Fast-forward five years and multiple flights in and out of LaGuardia later and I’m packing up to leave my apartment in Brooklyn for the last time. I’m two weeks and four days away from my final flight out – the one where I turn in my visa at the Canadian border and move on to other (read: cheaper) cities. And the departure feels bittersweet, to say the least.

There is an easy way to frame the time I spent in New York City: I failed at it. I failed at fighting to stay in the city I grew up dreaming of moving to. I failed at making a life here long-term.

I could write a long, self-indulgent list of everything I didn’t accomplish in this city and it would be easy to do – because it’s always simple to identify our failures in retrospect.

But here’s the core truth about everything that ends:

Even the most sensical ending – even the most necessary one – always feels like a letdown in some respect.

Because every ending means giving up on the beginning that we once envisioned with starry eyes. Every ending means shutting down the lights on an old dream and calling it a night. Even when if we’re tired of that dream. Even if it’s damn well time to call it.

I could look back on the time I spent in New York and deem it a failure because I didn’t stay here forever. But doing so wouldn’t do justice to all of the successes that proceeded it.

Calling my time in New York City a failure wouldn’t do justice to the day I signed my first lease in the city and called my mom to say that everything was going so well that I couldn’t be sure I wasn’t dreaming it. Calling my time here a failure wouldn’t do justice to the incredible friends who lit my world up every time I grew frustrated or discouraged with the city. Calling my time here a failure wouldn’t do justice to the incredible skills I picked up during the time that I lived here, or the ways in which I changed for the better.

It wouldn’t do justice to the person New York make me into. Which is a better person. A stronger person. A more self-sufficient, more capable one.

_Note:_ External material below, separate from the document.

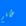
طاقم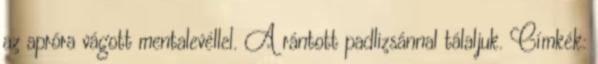
az apróra vágott mentalevéllel. A rántott padlizsánnal tálaljuk. Címkék:

This past Thursday I was meandering home from my Williamsburg gym around 9pm when I turned my head to the side and caught an unexpected glimpse of the Manhattan skyline, peeking out from between two warehouse buildings.

Every day for the past year I’d walked adjacent to the skyline on my way home from work or the gym, separated only by a single line of buildings. I rarely stopped to appreciate the sight – it was normal. I was used to it. It had become a part of everyday life.

But that night, with my mind on my final flight home, I was caught off-guard by the skyline. For whatever reason, the sight ricocheted me back to five years prior – staring at it for the very first time and knowing that I would someday call this city home.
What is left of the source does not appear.